Mojo server creates a pipe in Mojo::Server::Prefork::run, which is used for heartbeats between the manager and worker
Mojo::Server::Prefork::_spawn sets the signal handler for SIGQUIT to $self->ioloop->stop_gracefully
Upon receipt of SIGQUIT, the worker emits the finished signal from Mojo::IOLoop::stop_gracefully
Upon receipt of the finish signal (from itself? Not clear), the worker sets $finished to 1 in Mojo::Server::Prefork::_spawn
The worker sends a heartbeat from Mojo::Server::Prefork::_heartbeat with $finished set to 1
The manager receives the heartbeat message and sets $self->{pool}{$pid}->{graceful} equal to the worker's $finished in Mojo::Server::Prefork::_wait
The manager sends a SIGQUIT to the worker and sets $self->{pool}{$pid}->{quit} to nonzero (preventing further SIGQUITs)
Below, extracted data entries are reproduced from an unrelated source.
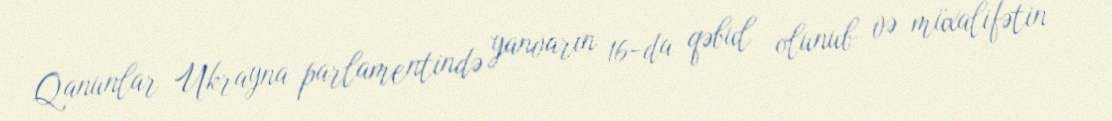
Qanunlar Ukrayna parlamentində yanvarın 16-da qəbul olunub və müxalifətin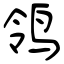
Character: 鸰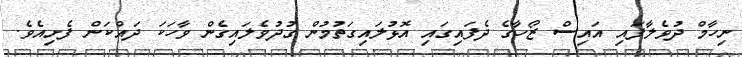
ނިހާމް ދުވެލާފައި އައިސް ޒޯހާގެ ދެފައިގައި އޮޅުލައިގަތުމުން ގުދުވެލައިގެން ވާހަކަ ދައްކަން ފެށިއެވެ.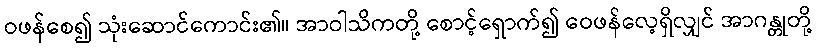
ဝဖန်စေ၍ သုံးဆောင်ကောင်း၏။ အာဝါသိကတို့ စောင့်ရှောက်၍ ဝေဖန်လေ့ရှိလျှင် အာဂန္တုတို့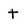
Character: t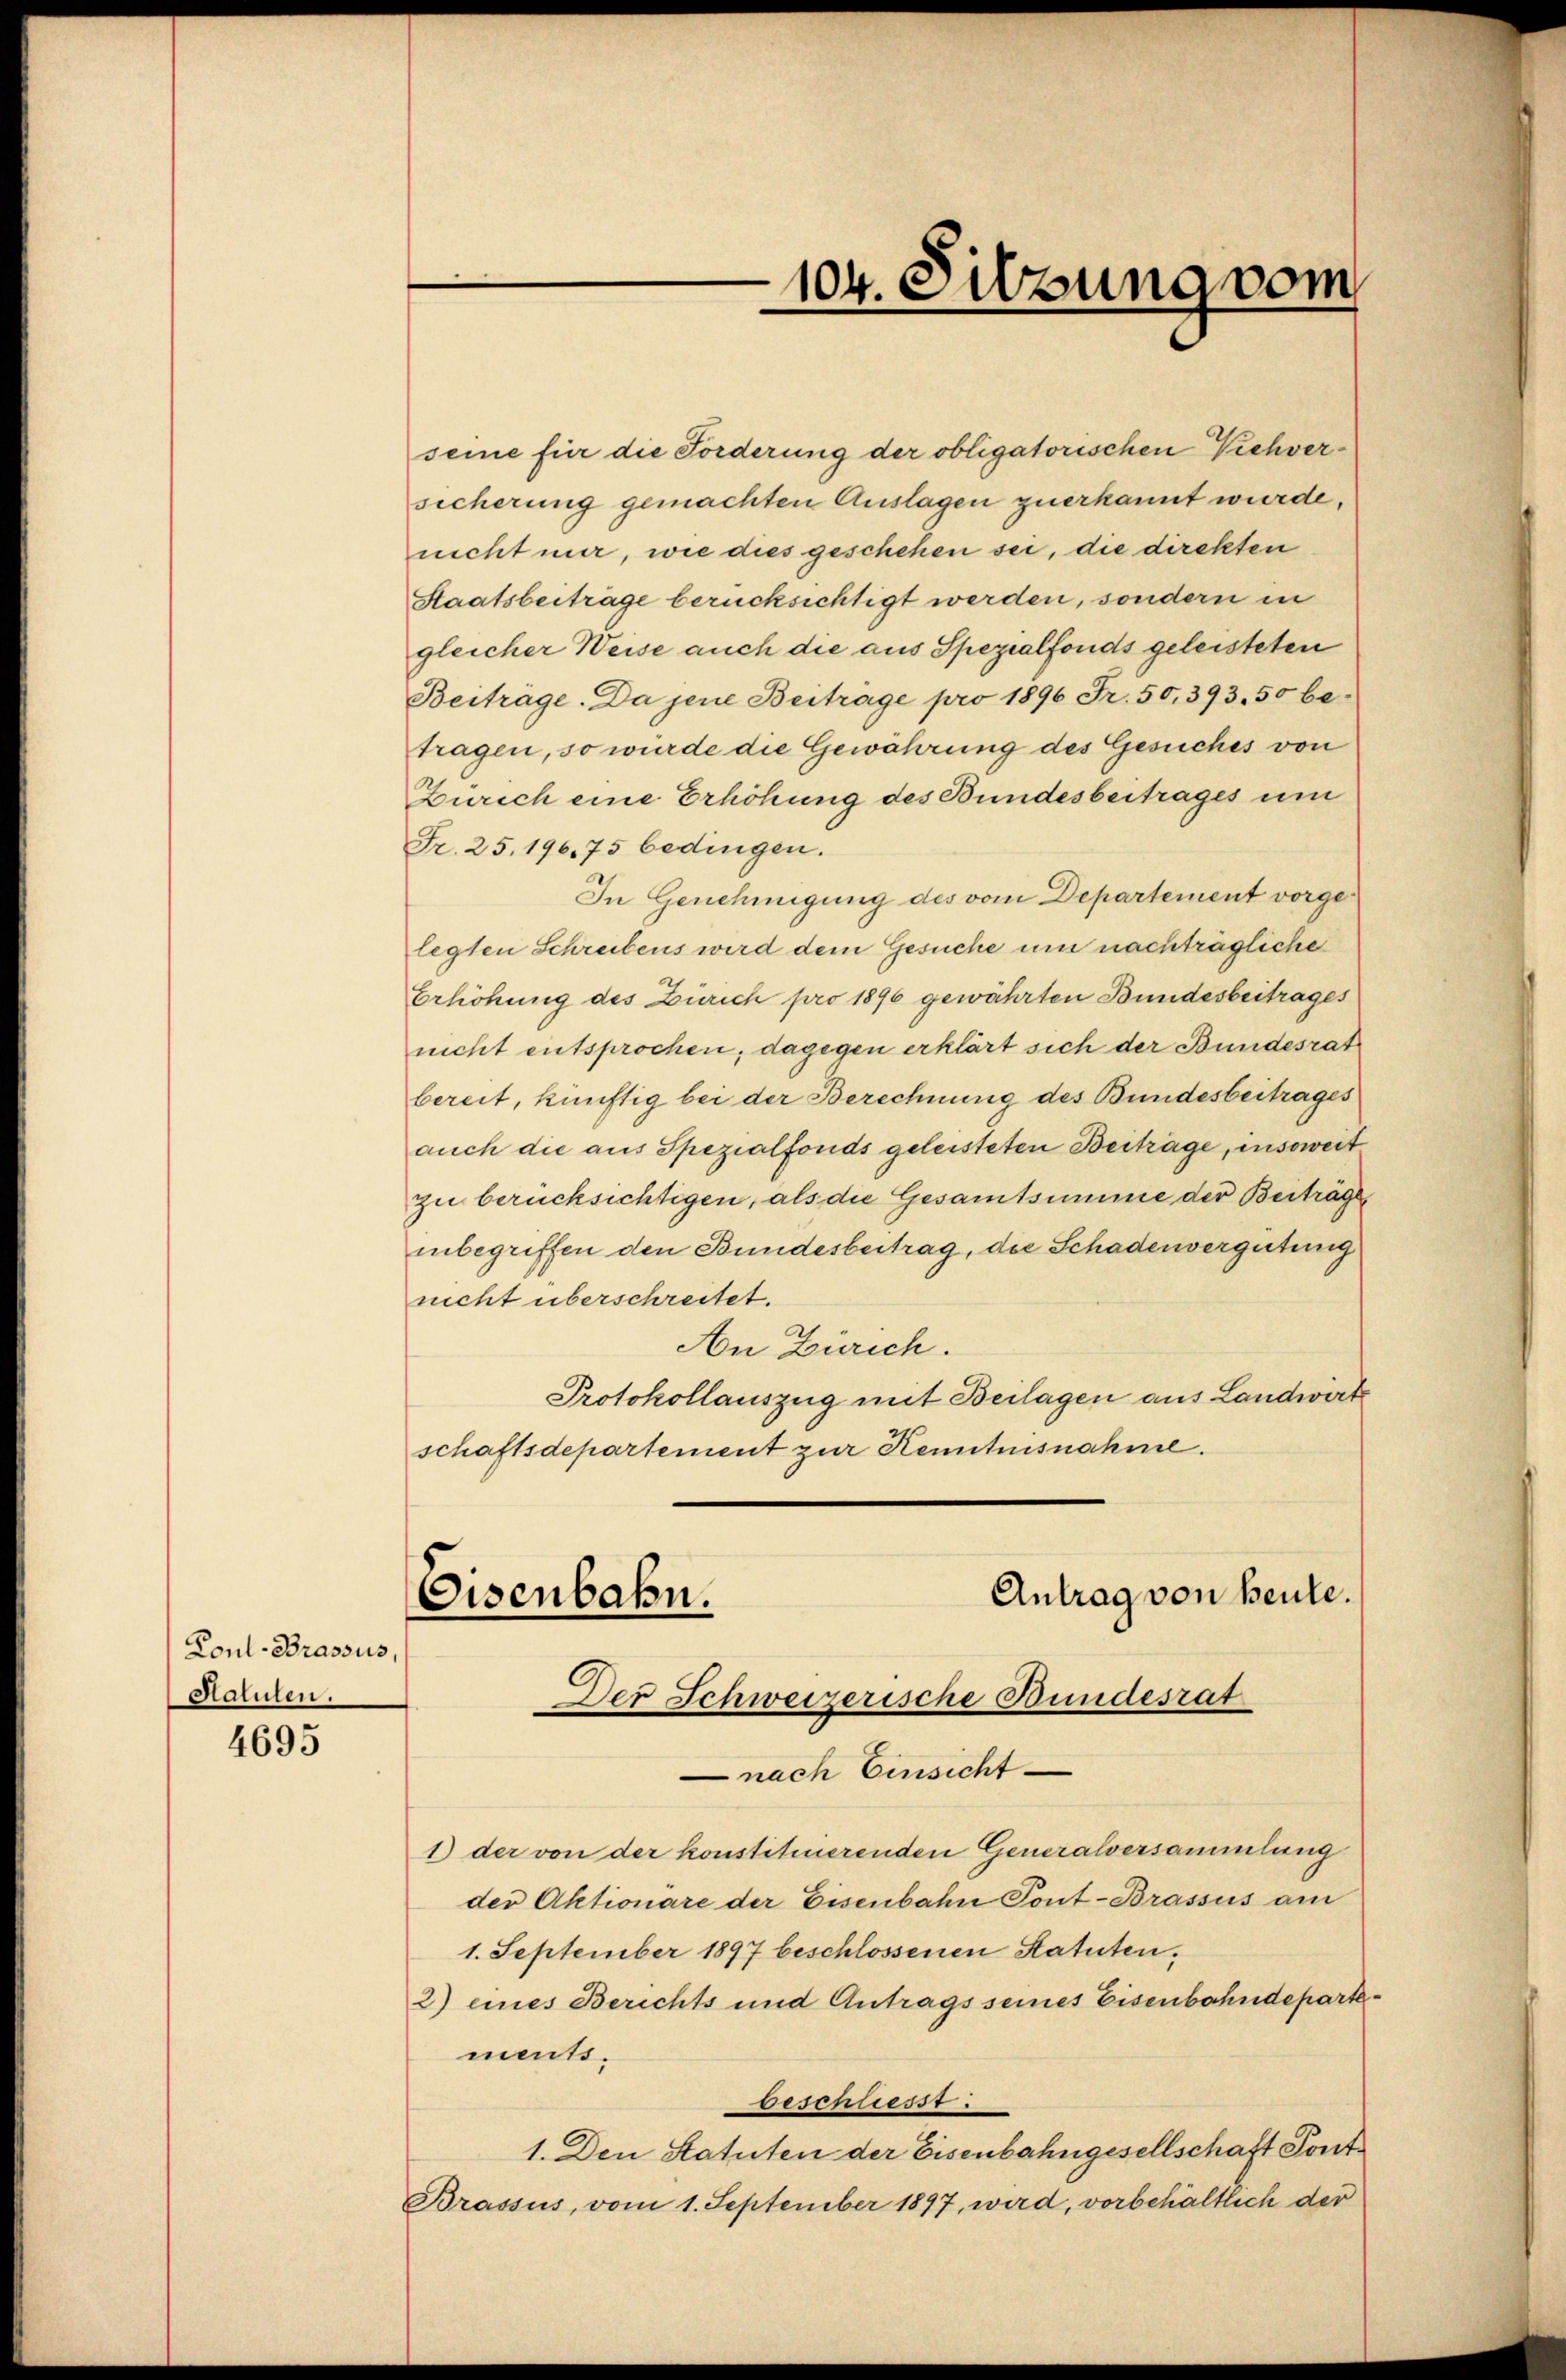
Cout. Brassus,
Statuten.
4695

seine für die Forderung der obligatorischen Vichversicherung gemachten Auslagen zuerkannt wurde.
nicht mir, wie dies geschehen sei, die direkten
Staatsbeiträge berücksichtigt werden, sondern in
gleicher Weise auch die aus Spezialfonds geleisteten
Beiträge. Da jene Beitrage pro 1896 Fr. 50, 393. 50 betragen, so würde die Gewährung des Gesuches von
Zürich eine Erhöhung des Bundesbeitrages um
Fr. 25. 196. 75 bedingen.
In Genehmigung des vom Departement vorgelegten Schreibens wird dem Gesuche um nachträgliche
Erhöhung des Zürich pro 1896 gewährten Bundesbeitrages
nicht entsprochen; dagegen erklärt sich der Bundesrat
bereit, künftig bei der Berechnung des Bundesbeitrages
auch die aus Spezialfonds geleisteten Beiträge, insoweit
zu berücksichtigen, als die Gesamtsumme der Beiträge
inbegriffen den Bundesbeitrag, die Schadenvergütung
nicht überschreitet.
An Zürich.
Protokollauszug mit Beilagen aus Landwirt
schaftsdepartement zur Kenntnisnahme.
Antrag von Beute.
Eisenbahn.
Der Schweizerische Bundesrat
nach Einsicht
1) der von der konstituierenden Generalversammlung
der Aktionare der Eisenbahn Pont-Brassus am
1. September 1897 beschlossenen Statuten.
2) eines Berichts und Antrags seines Eisenbahndeparte
ments.
beschließt:
1. Den Statuten der Eisenbahngesellschaft Sont
Brassus, vom 1. September 1897, wird, vorbehältlich der

104. Sitzung vom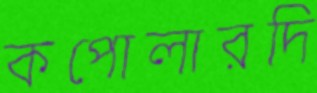
কপোলারদি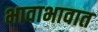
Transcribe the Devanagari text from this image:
भावाभावात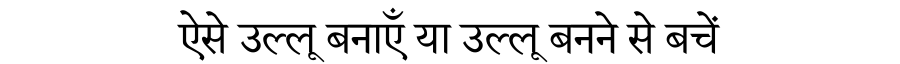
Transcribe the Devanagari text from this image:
ऐसे उल्लू बनाएँ या उल्लू बनने से बचें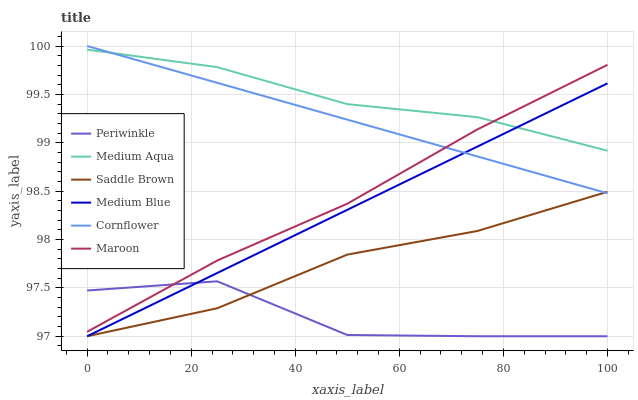
| xaxis_label | Periwinkle | Medium Aqua | Saddle Brown | Medium Blue | Cornflower | Maroon |
 | --- | --- | --- | --- | --- | --- | --- |
 | 0 | 97.5 | 100 | 97 | 97 | 100 | 97 |
 | 25 | 97.6 | 99.8 | 97.3 | 97.7 | 99.6 | 97.8 |
 | 50 | 97 | 99.4 | 97.8 | 98.3 | 99.2 | 98.4 |
 | 75 | 97 | 99.3 | 98.1 | 99 | 98.9 | 99.1 |
 | 100 | 97 | 98.9 | 98.5 | 99.6 | 98.5 | 99.8 |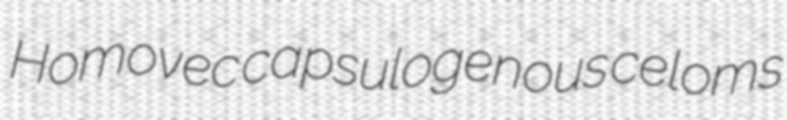
Homovec capsulogenous celoms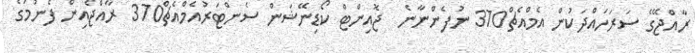
ރާއްޖޭގެ ސަރަހައްދަކުން އެމްއެޗް370 ނުފެންނާނެ  ޖޮއިންޓް ކޯޑިނޭޝަންް ސެންޓަރުއެމްއެޗް370 ރާއްޖެއިން ފެނުމުގެ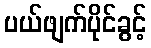
ပယ်ဖျက်ပိုင်ခွင့်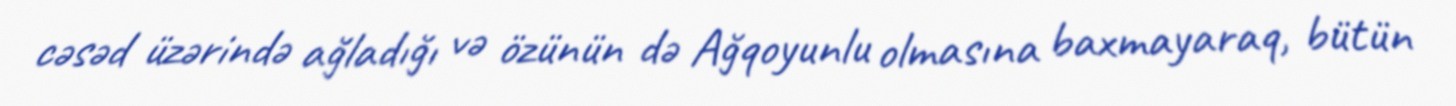
cəsəd üzərində ağladığı və özünün də Ağqoyunlu olmasına baxmayaraq, bütün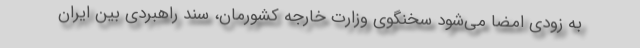
به زودی امضا می‌شود سخنگوی وزارت خارجه کشورمان، سند راهبردی بین ایران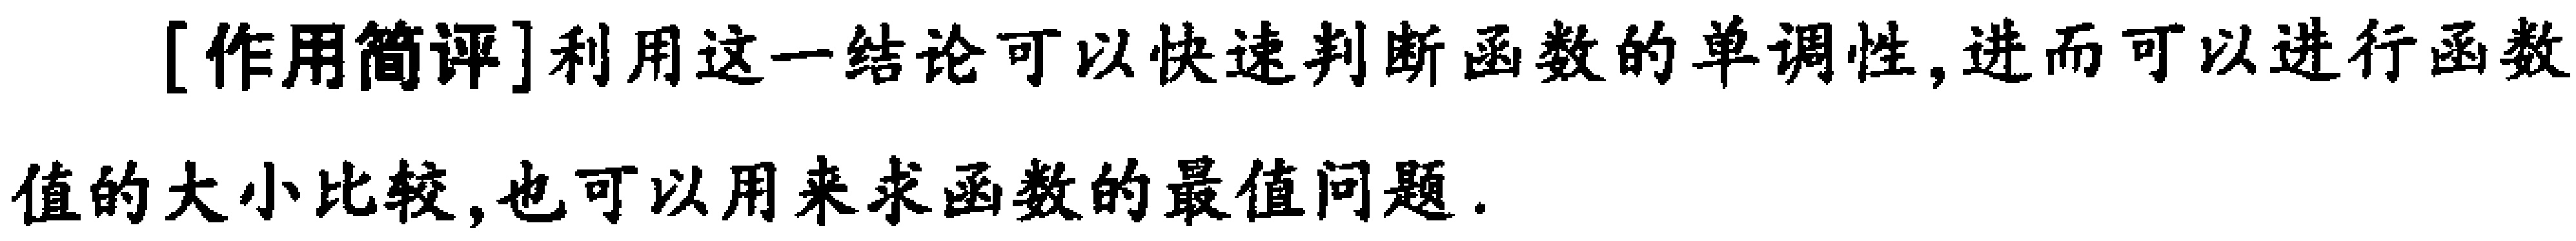
[作用简评]利用这一结论可以快速判断函数的单调性,进而可以进行函数值的大小比较,也可以用来求函数的最值问题.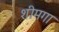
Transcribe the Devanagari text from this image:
शीमगा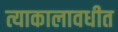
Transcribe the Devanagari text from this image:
त्याकालावधीत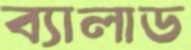
ব্যালাড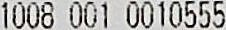
1008 001 0010555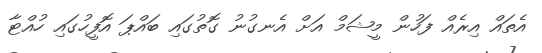
އެތައް އިރެއް ފަހުން މީޝަމް އަށް އެނގުނު ގޮތުގައި ބައްޕަ އޮފީހުގައި ހުއްޓާ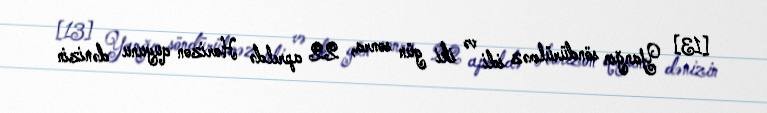
[13] Yanğın söndürülməz idi və iki gün sonra, 22 apreldə Horizon quyunu dənizin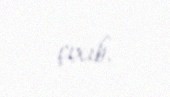
çıxıb.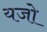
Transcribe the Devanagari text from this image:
यजो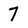
Character: 7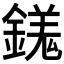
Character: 𨪢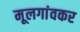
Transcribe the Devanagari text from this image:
मूलगांवकर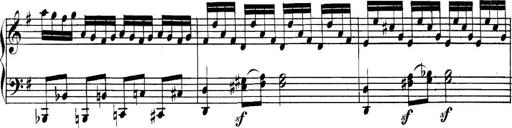
Title: Collected Piano Sonatas
Composer: Muzio Clementi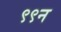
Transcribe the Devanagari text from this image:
९९न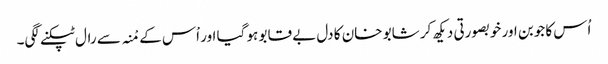
اُس کا جوبن اور خوبصورتی دیکھ کر شابو خان کا دل بے قابو ہو گیا اور اْس کے مْنہ سے رال ٹپکنے لگی۔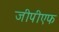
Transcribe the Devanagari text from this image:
जीपीएफ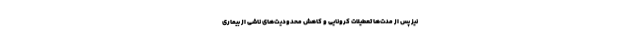
نیز پس از مدت‌ها تعطیلات کرونایی و کاهش محدودیت‌های ناشی از بیماری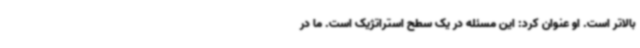
بالاتر است. او عنوان کرد: این مسئله در یک سطح استراتژیک است. ما در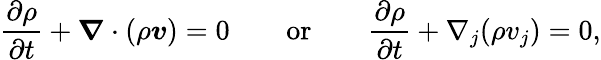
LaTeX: \frac{\partial\rho}{\partial t}+\boldsymbol{\nabla}\cdot(\rho\boldsymbol{v})=0\qquad\textnormal{or}\qquad\frac{\partial\rho}{\partial t}+\nabla_{j}(\rho v_{j})=0,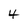
Character: 4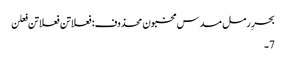
بحرِ رمل مسدس مخبون محذوف:فعلاتن فعلاتن فعلن
7۔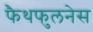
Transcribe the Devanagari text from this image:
फैथफुलनेस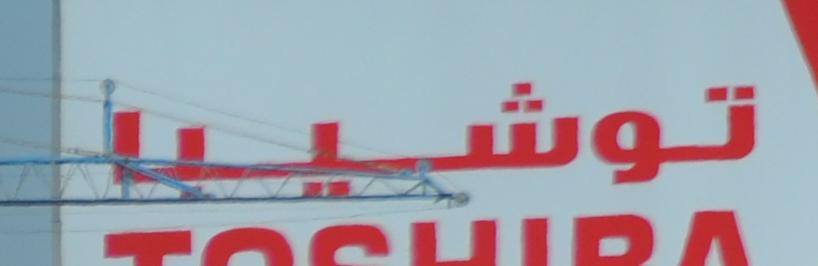
توشيبا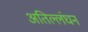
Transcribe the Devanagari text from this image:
अतिल्लंघन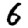
Digit: 6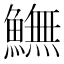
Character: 𩻚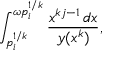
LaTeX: \int _ { p _ { i } ^ { 1 / k } } ^ { \omega p _ { i } ^ { 1 / k } } \frac { x ^ { k j - 1 } \, d x } { y ( x ^ { k } ) } ,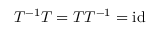
T ^ { - 1 } T = T T ^ { - 1 } = \mathrm { i d }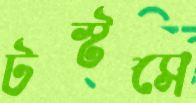
টস্‌টসে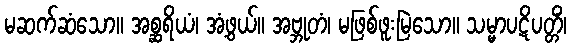
မဆက်ဆံသော။ အစ္ဆရိယံ၊ အံ့ဖွယ်။ အဗ္ဘုတံ၊ မဖြစ်ဖူးမြဲသော။ သမ္မာပဋိပတ္တိံ၊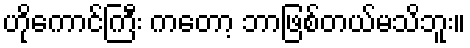
ဟိုကောင်ကြီး ကတော့ ဘာဖြစ်တယ်မသိဘူး။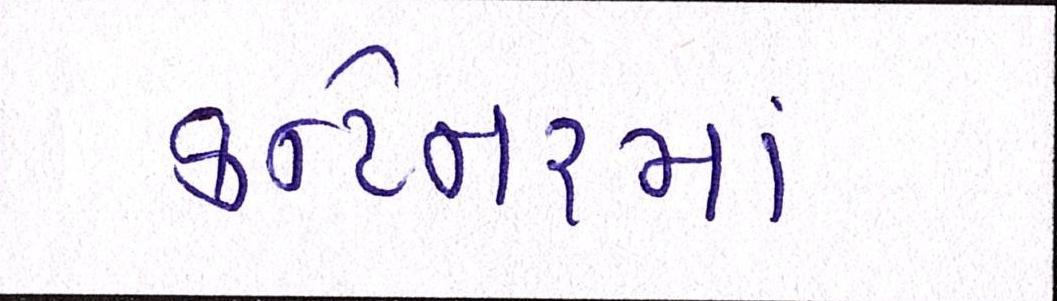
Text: કન્ટેનરમાં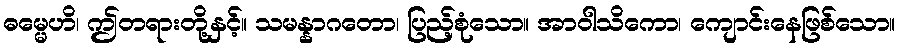
ဓမ္မေဟိ၊ ဤတရားတို့နှင့်။ သမန္နာဂတော၊ ပြည့်စုံသော။ အာဝါသိကော၊ ကျောင်းနေဖြစ်သော။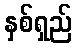
နှစ်ရှည်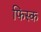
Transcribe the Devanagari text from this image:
फिस्‍क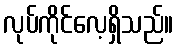
လုပ်ကိုင်လေ့ရှိသည်။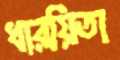
ধারয়িতা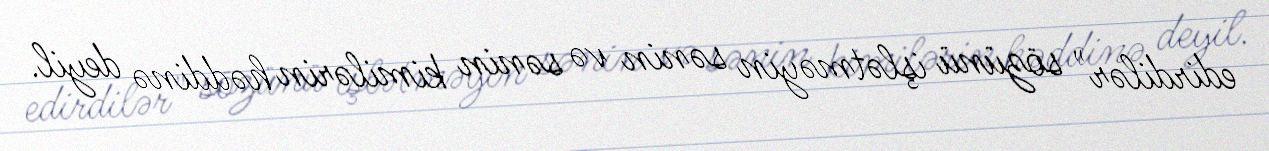
edirdilər" sözünü işlətməyin sənin və sənin kimilərin həddinə deyil.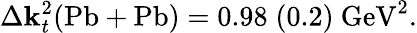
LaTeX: \Delta\mathbf{k}_{t}^{2}(\mathrm{{Pb+Pb}})=0.98\; (0.2)\mathrm{{~GeV}}^{2}.

This patch "combines" steps 7 and 8, so that $self->{pool}{$pid}->{quit} is updated when the manger is notified of the graceful shutdown. This builds in the following assumptions

There is no scenario in which the worker reports a graceful shutdown via its heartbeat but still needs a SIGQUIT to actually shut down
The {quit} field isn't used for anything else

Assumption (2) appears to be fine, but I'm not sure about (1), would appreciate some input from you folks on that point

This corresponds to (1) in the Possible Suggestions from the original comment

jixam · Answer 2 · Wed Jun 07 2023 20:21:30 GMT+0800 (China Standard Time)

Also see #1449 (with a proposed fix in #1883).

Sebastian Riedel · Answer 3 · Fri Jun 09 2023 20:55:00 GMT+0800 (China Standard Time)

This does indeed seem like the correct solution for the problem from #1883. Please make this a PR.